# Exercise directions:
In the entries that follow, which lines hold the string "visible"? List them.

# Excerpts from a dataset:
========================================
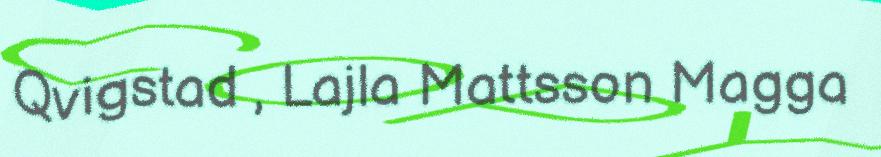
Qvigstad , Lajla Mattsson Magga
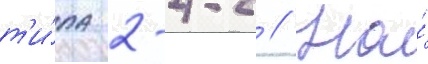
т'и́па 2-4-2 // На́
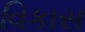
વિકાસ
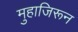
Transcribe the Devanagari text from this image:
मुहाजिरून
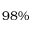
9 8 \%
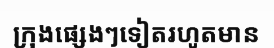
ក្រុងផ្សេងៗទៀតរហូតមាន
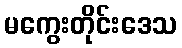
မကွေးတိုင်းဒေသ
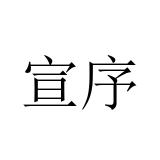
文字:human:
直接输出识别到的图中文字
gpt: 宣序
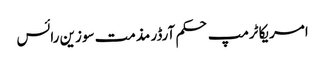
امریکا ٹرمپ حکم آرڈر مذمت سوزین رائس
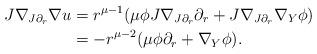
LaTeX: \begin{align*}J\nabla_{J\partial_r} \nabla u &= r^{\mu-1}(\mu\phi J\nabla_{J\partial_r}\partial_r + J\nabla_{J\partial_r} \nabla_Y\phi) \\&= -r^{\mu-2}(\mu \phi \partial_r + \nabla_Y \phi).\end{align*}
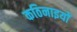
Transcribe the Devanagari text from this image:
कठिनाइयोें
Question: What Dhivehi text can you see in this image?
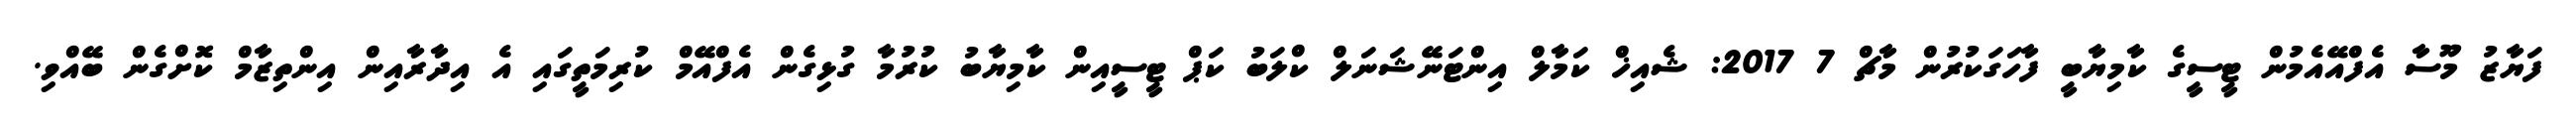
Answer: ފަޔާޒު މޫސާ އެފްއޭއެމުން ޓީސީގެ ކާމިޔާބީ ފާހަގަކުރުން މާޗް 7 2017: ޝެއިޚް ކަމާލް އިންޓަނޭޝަނަލް ކްލަބު ކަޕް ޓީސީއިން ކާމިޔާބު ކުރުމާ ގުޅިގެން އެފްއޭމް ކުރިމަތީގައި އެ އިދާރާއިން އިންތިޒާމް ކޮށްގެން ބޭއްވި.
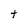
Character: t
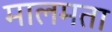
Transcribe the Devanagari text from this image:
मालमता
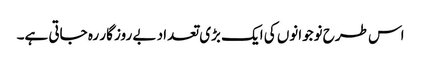
اس طرح نوجوانوں کی ایک بڑی تعداد بے روز گار رہ جاتی ہے۔
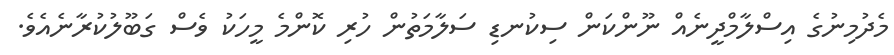
މެދުމިނުގެ އިސްލާމްދީނެއް ނޫންކަން ސިކުނޑި ސަލާމަތުން ހުރި ކޮންމެ މީހަކު ވެސް ގަބޫލުކުރާނެއެވެ.
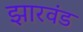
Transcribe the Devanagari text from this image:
झारवंड
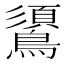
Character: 𪆦
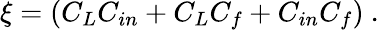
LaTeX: \xi=(C_{L}C_{in}+C_{L}C_{f}+C_{in}C_{f})~.
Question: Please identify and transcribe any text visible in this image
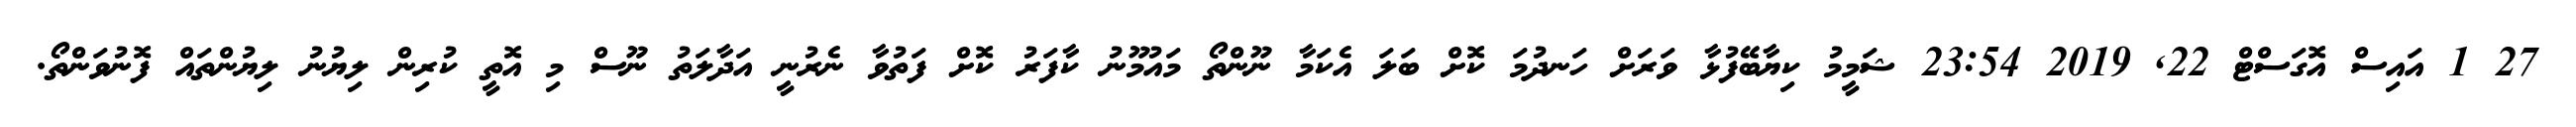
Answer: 27 1 އައިސް އޮގަސްޓް 22, 2019 23:54 ޝަމީމު ކިޔާބޭފުޅާ ވަރަށް ހަނދުމަ ކޮށް ބަލަ އެކަމާ ނޫންތޯ މައުމޫނު ކާފަރު ކޮށް ފަތުވާ ނެރުނީ އަދާލަތު ނޫސް މި އޮތީ ކުރިން ލިޔުނު ލިޔުންތައް ފޮނުވަންތޯ.
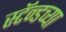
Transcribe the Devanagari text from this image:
स्टॅन्डच्या
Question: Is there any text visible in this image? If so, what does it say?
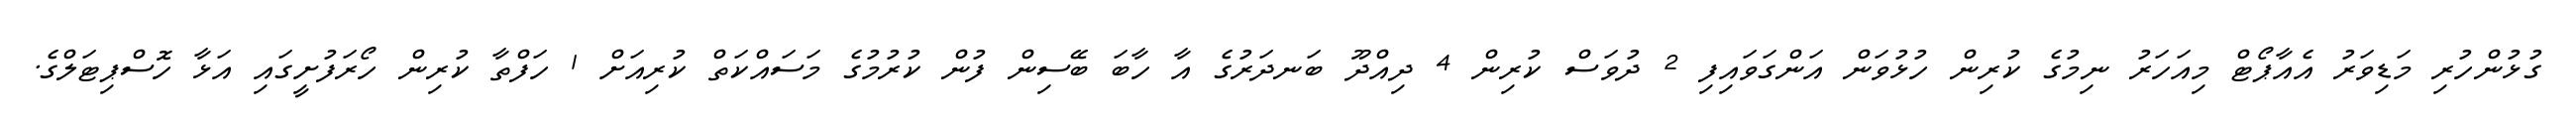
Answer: ގުޅުންހުރި މަޑިވަރު އެއާޕޯޓް މިއަހަރު ނިމުގެ ކުރިން ހުޅުވަން އަންގަވައިފި 2 ދުވަސް ކުރިން 4 ދިއްދޫ ބަނދަރުގެ އާ ހާބަ ބޭސިން ފުން ކުރުމުގެ މަސައްކަތް ކުރިއަށް 1 ހަފްތާ ކުރިން ހޯރަފުށީގައި އަޅާ ހޮސްޕިޓަލްގެ.
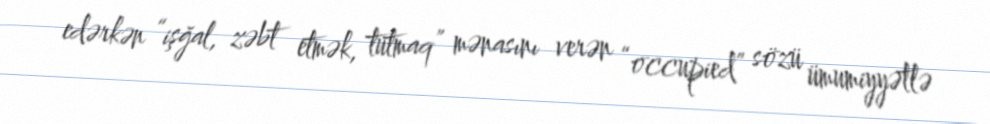
edərkən “işğal, zəbt etmək, tutmaq” mənasını verən “occupied” sözü ümumiyyətlə
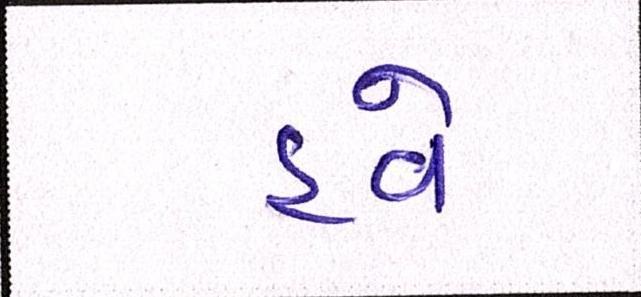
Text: હવે
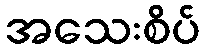
အသေးစိပ်
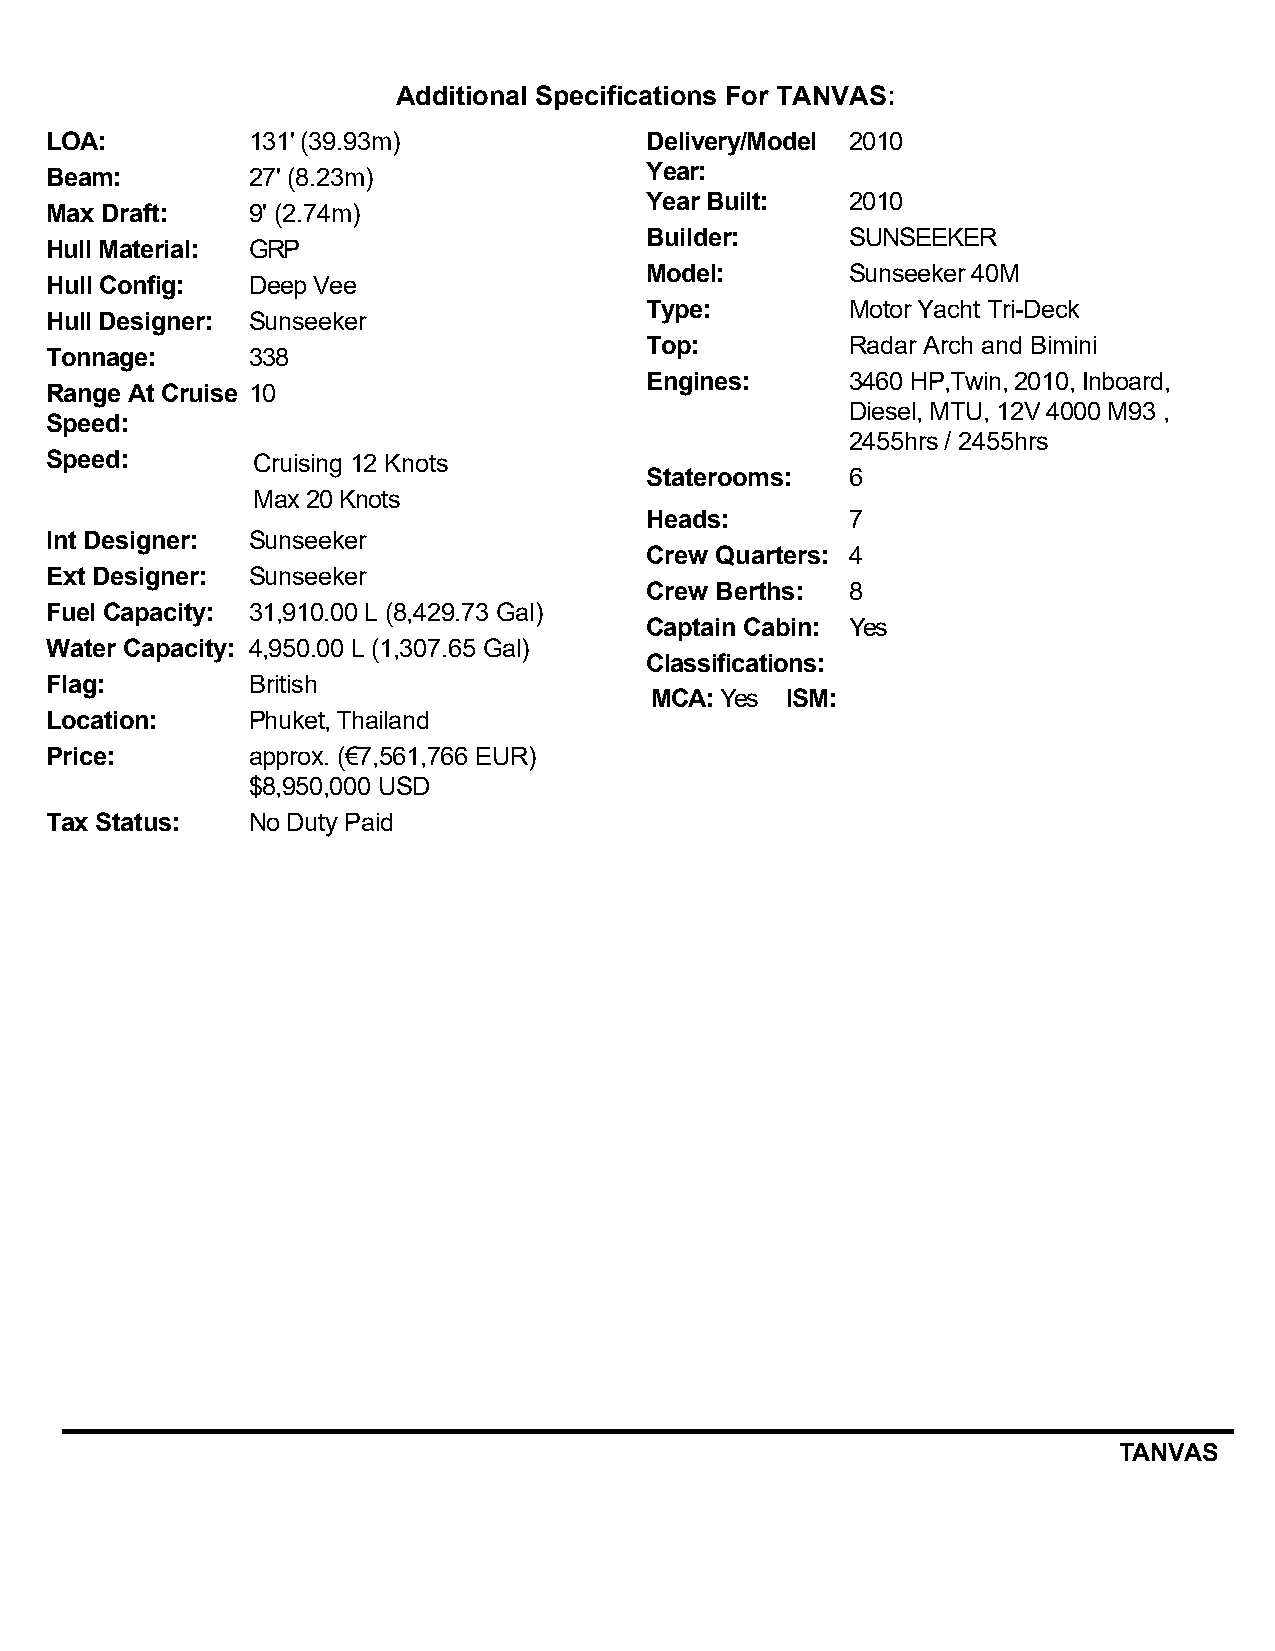
Additional Specifications For TANVAS:
 LOA:         131' (39.93m)              Delivery/Model 2010
 Beam:        27' (8.23m)                Year:
 Year Built:  2010
 Max Draft:   9' (2.74m)
 Builder:     SUNSEEKER
 Hull Material: GRP
 Model:       Sunseeker 40M
 Hull Config: Deep Vee
 Type:        Motor Yacht Tri-Deck
 Hull Designer: Sunseeker
 Top:         Radar Arch and Bimini
 Tonnage:     338
 Engines:     3460 HP,Twin, 2010, Inboard,
 Range At Cruise 10
 Diesel, MTU, 12V 4000 M93 ,
 Speed:
 2455hrs / 2455hrs
 Speed:        Cruising 12 Knots
 Staterooms:  6
 Max 20 Knots
 Heads:       7
 Int Designer: Sunseeker
 Crew Quarters: 4
 Ext Designer: Sunseeker
 Crew Berths: 8
 Fuel Capacity: 31,910.00 L (8,429.73 Gal)
 Captain Cabin: Yes
 Water Capacity: 4,950.00 L (1,307.65 Gal)
 Classifications:
 Flag:        British
 MCA:Yes  ISM:
 Location:    Phuket, Thailand
 Price:       approx. (€7,561,766 EUR)
 $8,950,000 USD
 Tax Status:  No Duty Paid
 TANVAS
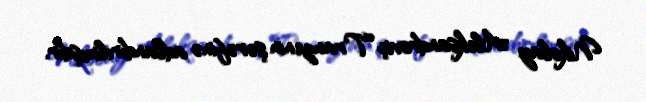
Nikolay Aleksandroviç Tranzenin şərəfinə adlandırılmışdır.
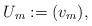
LaTeX: \begin{align*} U_m:=(v_m),\end{align*}
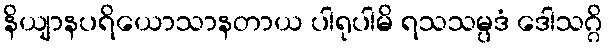
နိယျာနပရိယောသာနတာယ ပါရုပါမိ ရသသမ္ပဒံ ဒေါသဂ္ဂိ
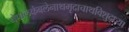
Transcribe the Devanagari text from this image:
नेपालकंबलेनाथमृदाचाथविशुद्ध्या
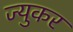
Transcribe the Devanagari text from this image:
ज्युकर
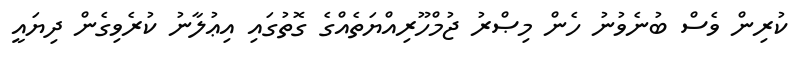
ކުރިން ވެސް ބުނެވުނު ހެން މިޞްރު ޖުމްހޫރިއްޔަތެއްގެ ގޮތުގައި އިޢުލާނު ކުރެވިގެން ދިޔައީ
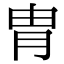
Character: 胄
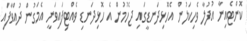
ކޮންޓެއިނާ އުފުލާ ވެހިކަލުން އެހޮޅިދަނޑީގައި ޖެހުމުން އެ ހޮޅިދަނޑި ވެއްޓިފައިވަނީ އެމަގުން ދުއްވާފައި
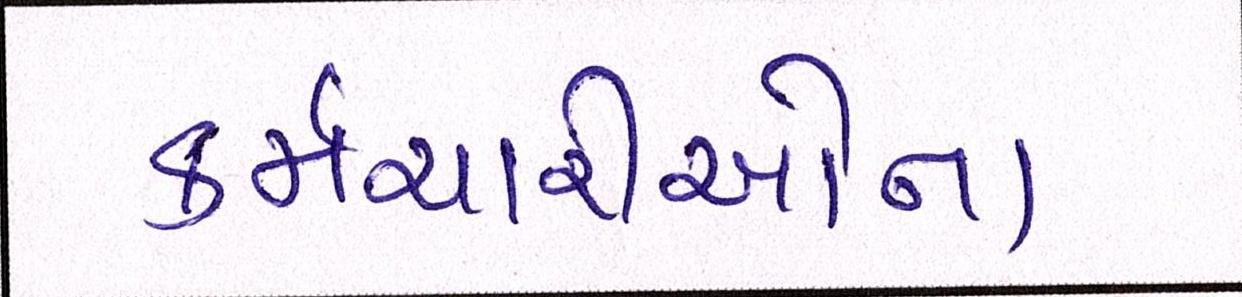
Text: કર્મચારીઓના
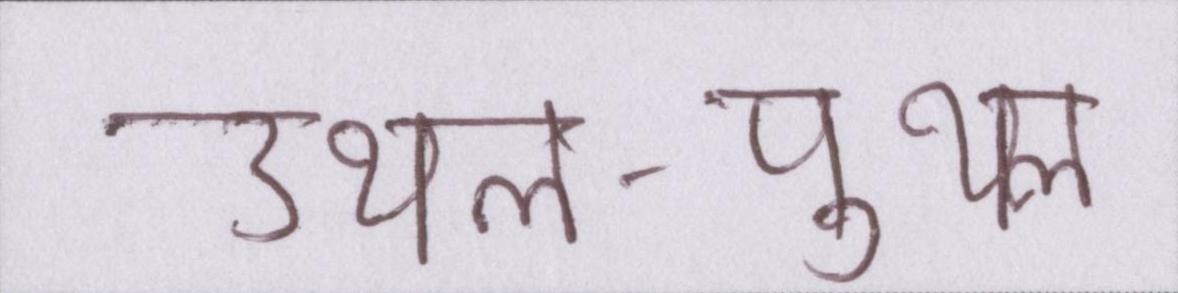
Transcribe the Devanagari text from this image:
उथल-पुथल
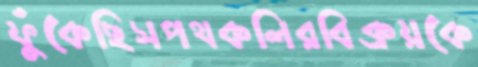
ফুঁকেছিসপথকলিরবিক্রয়কে
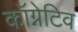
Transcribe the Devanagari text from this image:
कॉग्नेटिव
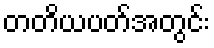
တတိယပတ်အတွင်း
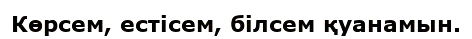
Көрсем, естісем, білсем қуанамын.
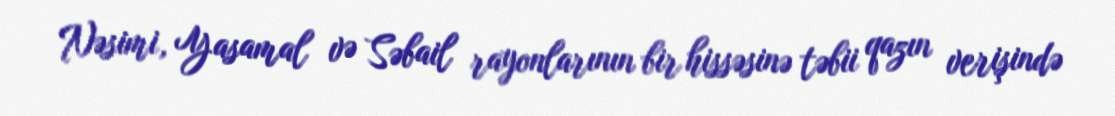
Nəsimi, Yasamal və Səbail rayonlarının bir hissəsinə təbii qazın verişində
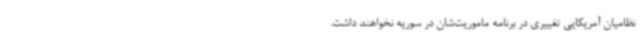
نظامیان آمریکایی تغییری در برنامه ماموریت‌شان در سوریه نخواهند داشت.
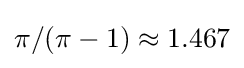
\pi /(\pi -1)\approx 1.467
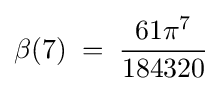
\beta (7)\;=\;{\frac {61\pi ^{7}}{184320}}
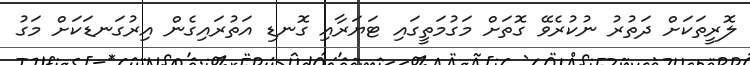
ލޮރީތަކަށް ދަތުރު ނުކުރެވޭ ގޮތަށް މަގުމަތީގައި ޓަޔަރާއި ގޮނޑި އަތުރައިގެން އިރުގަނޑަކަށް މަގު
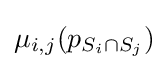
\mu _{i,j}(p_{S_{i}\cap S_{j}})
========================================
# Reply:
Question: Please identify and transcribe any text visible in this image
Question: Is there any text visible in this image? If so, what does it say?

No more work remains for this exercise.